What needs to be done: Report the lines of the data below that contain the string "where".

Excerpted records:

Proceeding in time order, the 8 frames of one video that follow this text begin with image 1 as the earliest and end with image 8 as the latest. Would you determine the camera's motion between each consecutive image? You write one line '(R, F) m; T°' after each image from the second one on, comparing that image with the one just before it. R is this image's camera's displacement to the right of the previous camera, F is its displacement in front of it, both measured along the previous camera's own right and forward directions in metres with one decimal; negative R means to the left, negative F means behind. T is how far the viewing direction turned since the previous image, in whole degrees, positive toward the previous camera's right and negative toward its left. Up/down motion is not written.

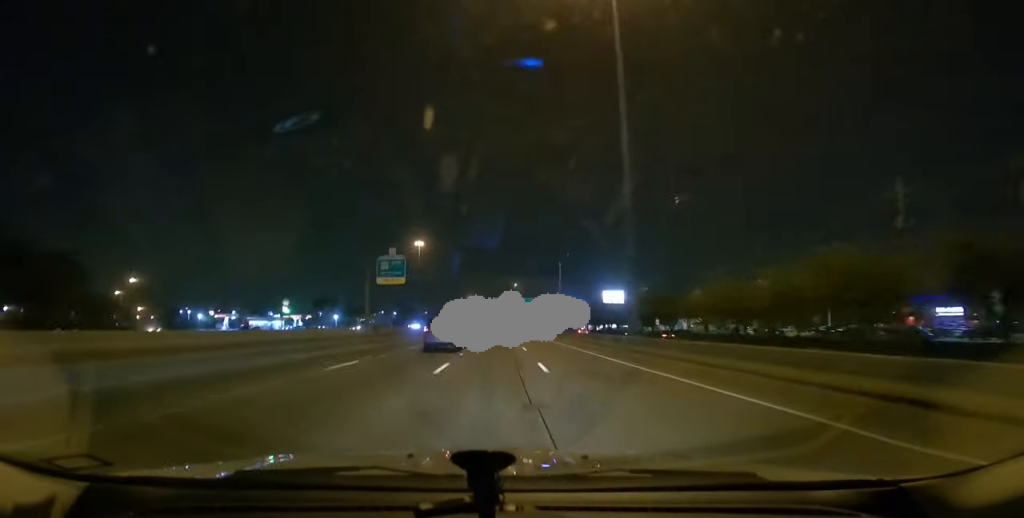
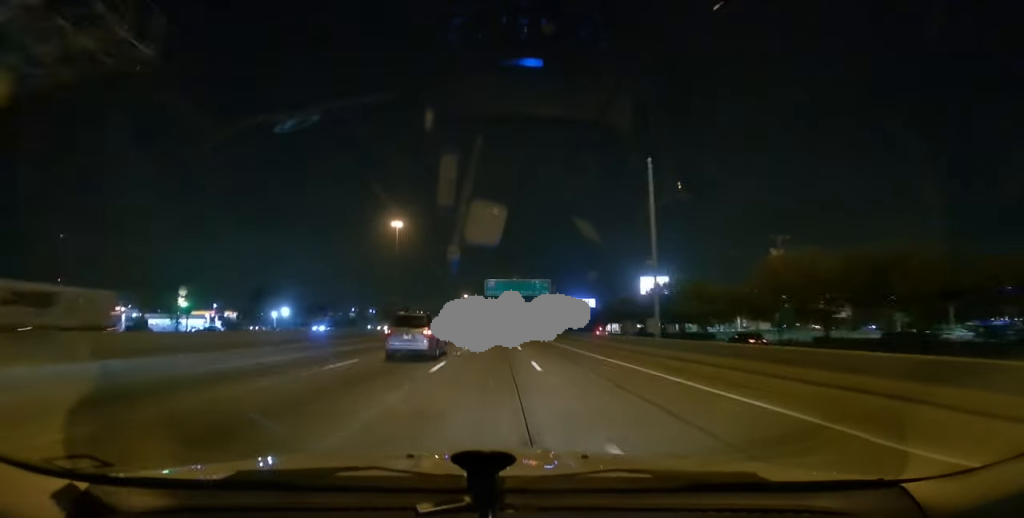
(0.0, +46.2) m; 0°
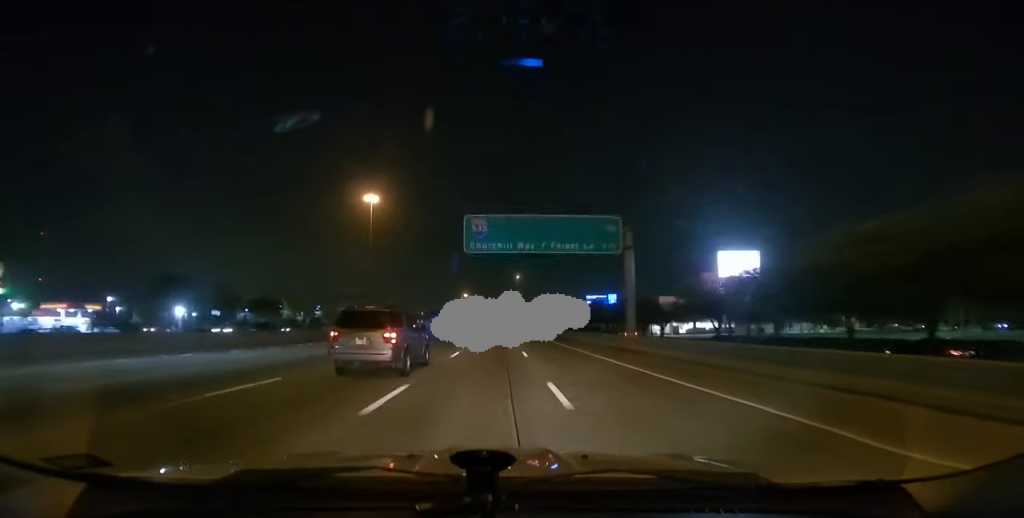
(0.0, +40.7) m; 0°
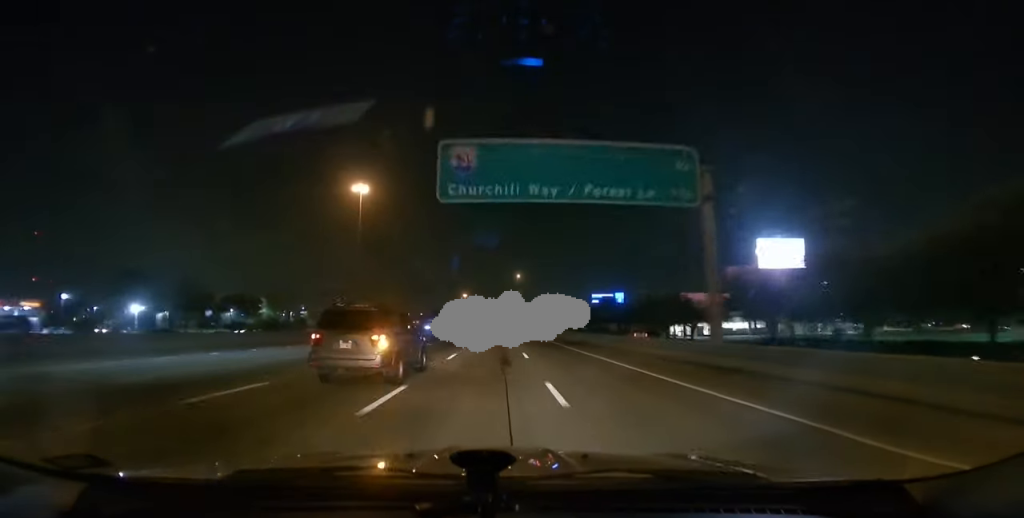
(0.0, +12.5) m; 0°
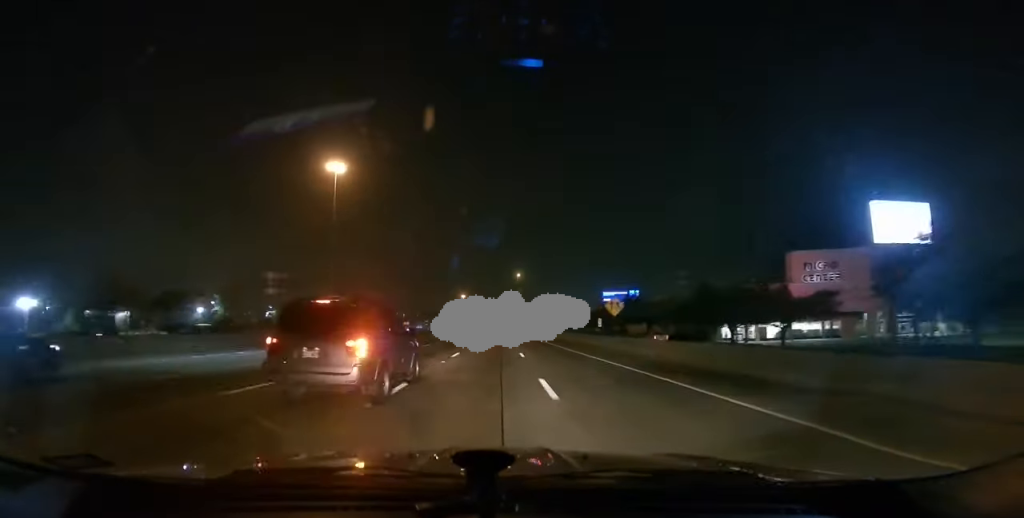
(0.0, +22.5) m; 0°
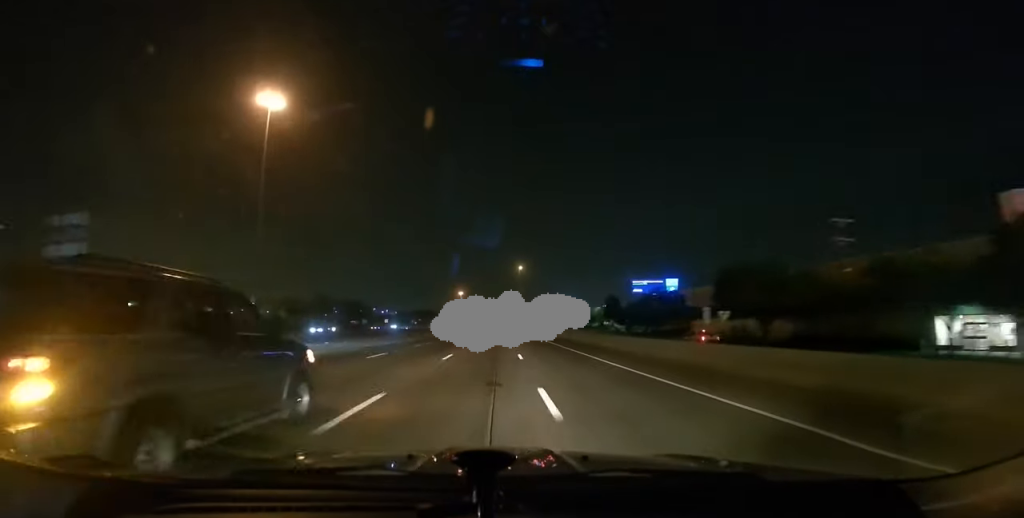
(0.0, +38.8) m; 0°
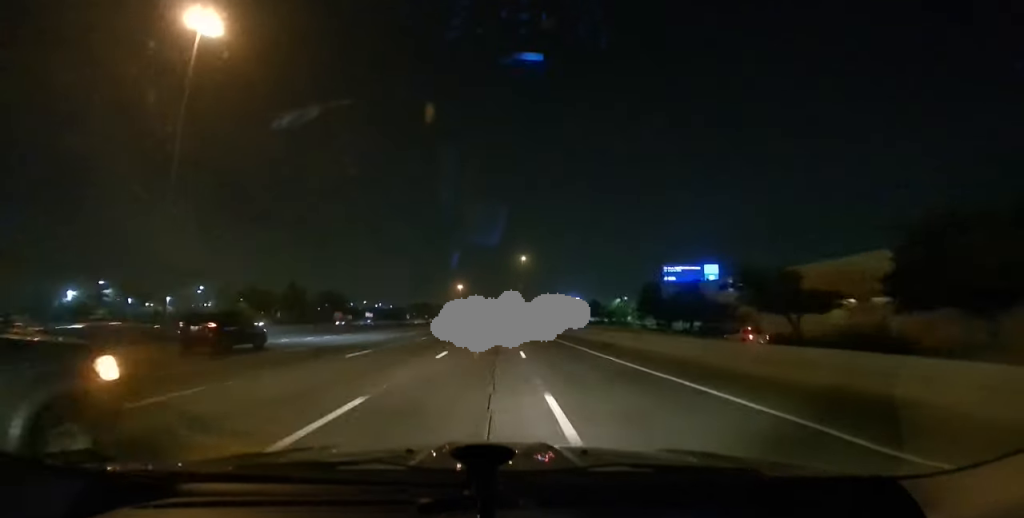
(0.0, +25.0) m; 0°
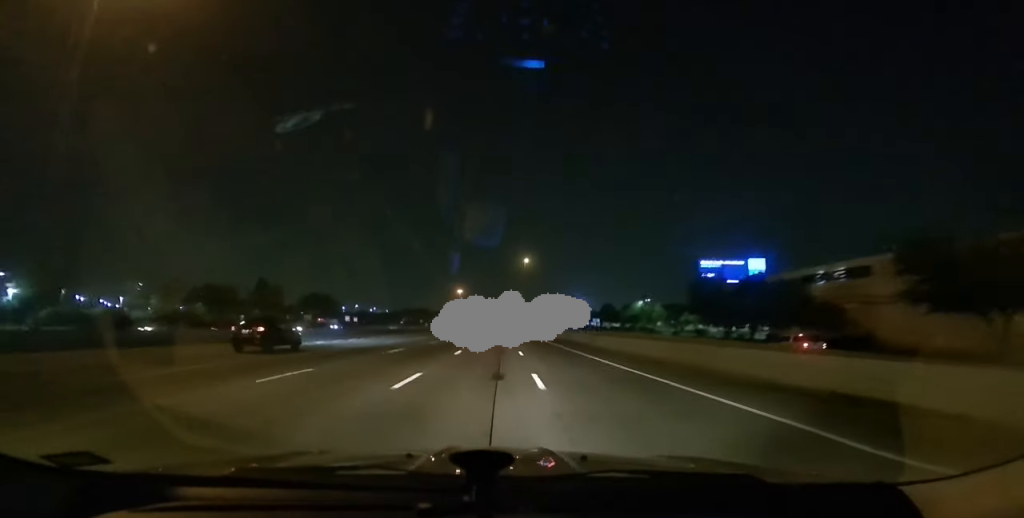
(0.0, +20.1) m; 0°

---

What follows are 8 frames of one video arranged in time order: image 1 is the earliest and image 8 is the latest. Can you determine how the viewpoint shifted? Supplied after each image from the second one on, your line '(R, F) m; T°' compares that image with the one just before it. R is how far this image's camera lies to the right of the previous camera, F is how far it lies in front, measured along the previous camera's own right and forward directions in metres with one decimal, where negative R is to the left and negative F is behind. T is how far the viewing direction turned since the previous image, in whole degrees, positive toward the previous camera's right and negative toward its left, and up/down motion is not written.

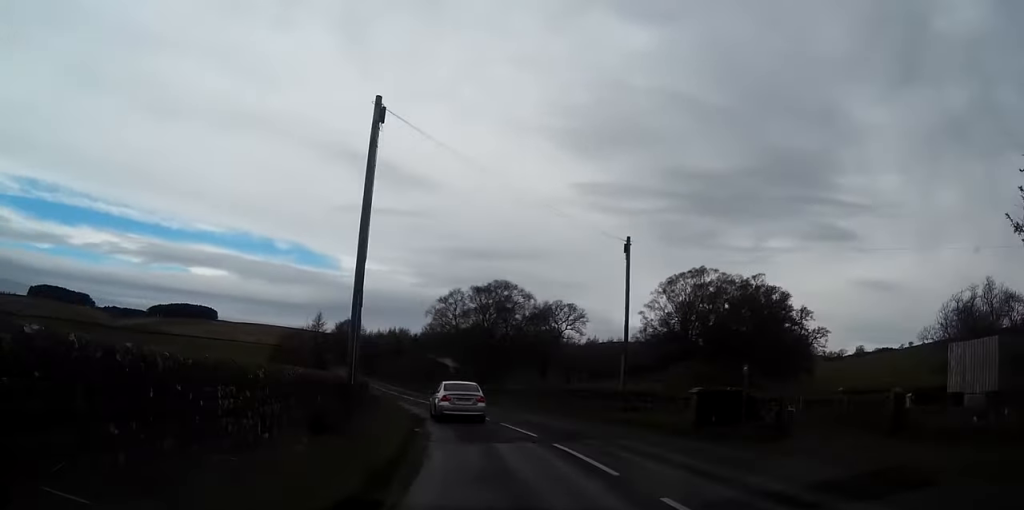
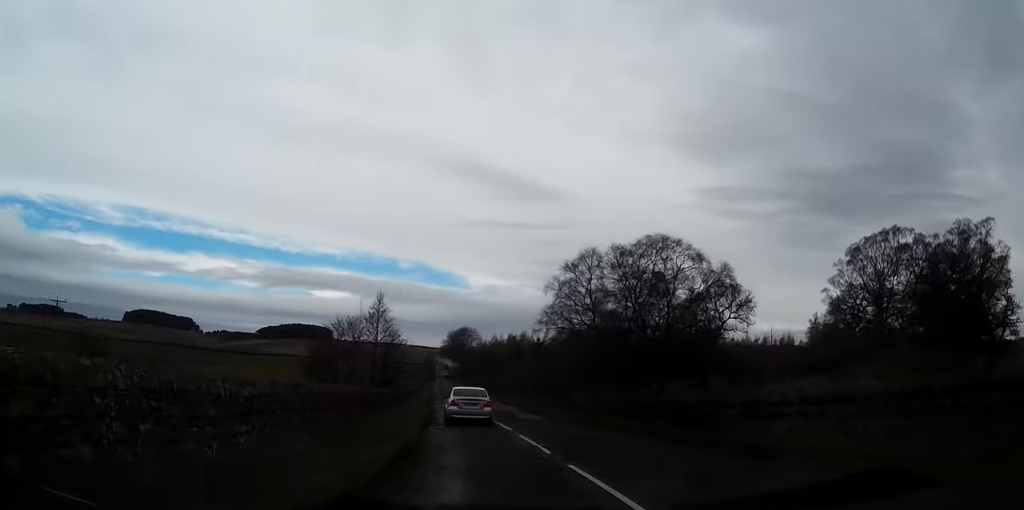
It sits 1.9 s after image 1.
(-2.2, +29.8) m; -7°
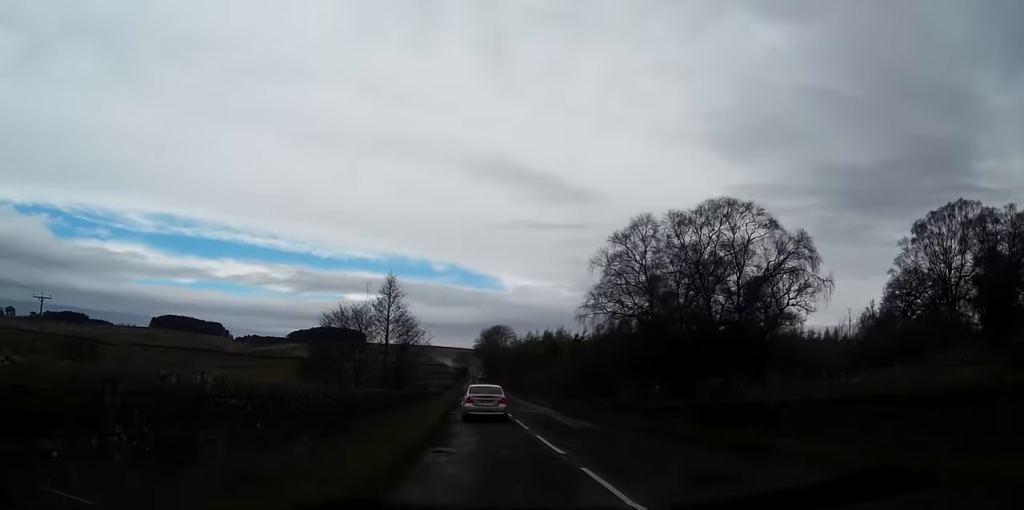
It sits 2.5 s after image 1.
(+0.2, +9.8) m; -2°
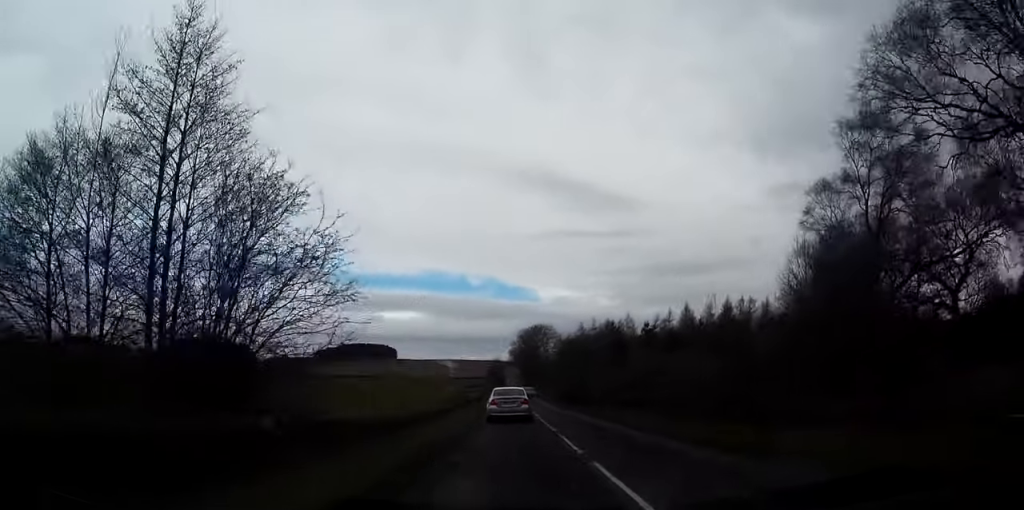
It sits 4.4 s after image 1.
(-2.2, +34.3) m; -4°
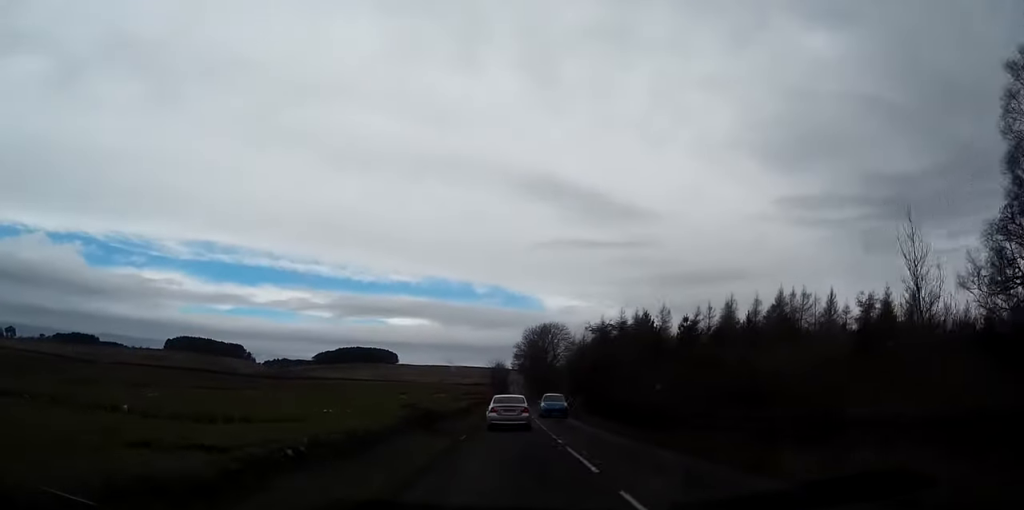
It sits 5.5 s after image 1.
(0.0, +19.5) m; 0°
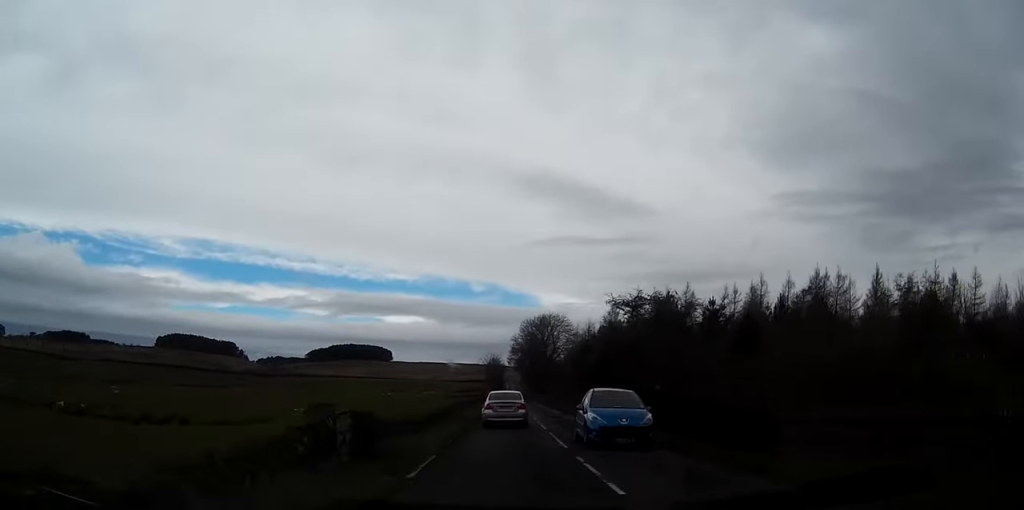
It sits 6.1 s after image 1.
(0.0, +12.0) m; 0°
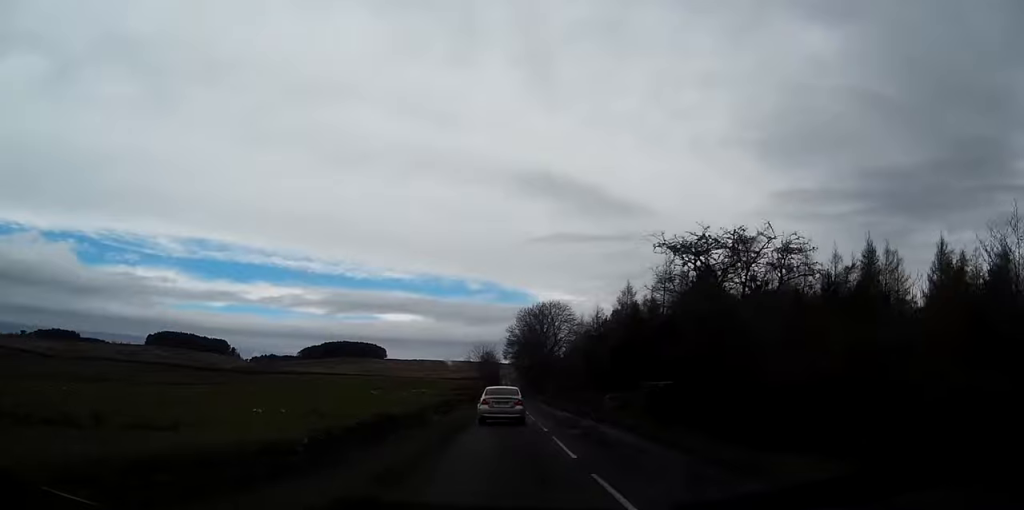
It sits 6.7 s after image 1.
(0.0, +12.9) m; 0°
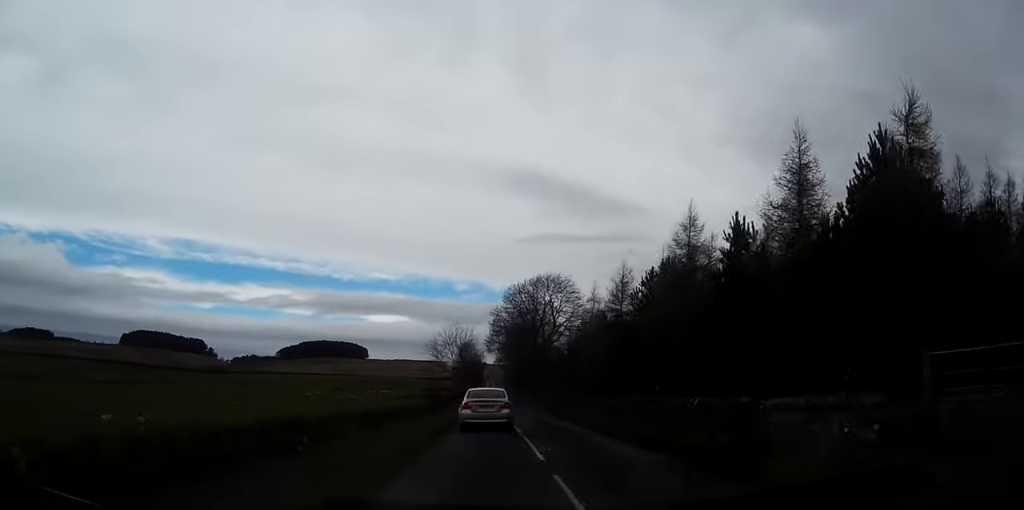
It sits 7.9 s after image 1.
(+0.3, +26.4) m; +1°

...

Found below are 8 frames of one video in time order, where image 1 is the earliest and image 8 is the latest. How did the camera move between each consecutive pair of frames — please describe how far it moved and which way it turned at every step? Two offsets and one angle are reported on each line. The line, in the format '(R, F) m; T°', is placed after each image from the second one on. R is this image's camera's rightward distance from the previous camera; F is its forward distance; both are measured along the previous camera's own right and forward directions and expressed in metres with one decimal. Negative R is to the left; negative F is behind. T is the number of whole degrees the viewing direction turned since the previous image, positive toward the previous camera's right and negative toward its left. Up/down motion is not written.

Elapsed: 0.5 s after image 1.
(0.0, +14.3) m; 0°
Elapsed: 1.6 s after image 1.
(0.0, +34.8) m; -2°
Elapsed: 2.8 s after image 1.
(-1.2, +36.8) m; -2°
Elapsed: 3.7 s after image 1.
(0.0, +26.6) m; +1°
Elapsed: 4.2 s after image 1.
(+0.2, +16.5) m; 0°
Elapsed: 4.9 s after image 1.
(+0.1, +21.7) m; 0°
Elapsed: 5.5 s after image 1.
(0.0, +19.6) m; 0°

Answer section:
What follows are 8 frames of one video arranged in time order: image 1 is the earliest and image 8 is the latest. Can you determine how the viewpoint shifted? Supplied after each image from the second one on, your line '(R, F) m; T°' compares that image with the one just before it. R is how far this image's camera lies to the right of the previous camera, F is how far it lies in front, measured along the previous camera's own right and forward directions in metres with one decimal, where negative R is to the left and negative F is behind. T is how far the viewing direction turned since the previous image, in whole degrees, positive toward the previous camera's right and negative toward its left, and up/down motion is not written.
Found below are 8 frames of one video in time order, where image 1 is the earliest and image 8 is the latest. How did the camera move between each consecutive pair of frames — please describe how far it moved and which way it turned at every step? Two offsets and one angle are reported on each line. The line, in the format '(R, F) m; T°', is placed after each image from the second one on. R is this image's camera's rightward distance from the previous camera; F is its forward distance; both are measured along the previous camera's own right and forward directions and expressed in metres with one decimal. Negative R is to the left; negative F is behind. T is the number of whole degrees the viewing direction turned since the previous image, positive toward the previous camera's right and negative toward its left. Up/down motion is not written.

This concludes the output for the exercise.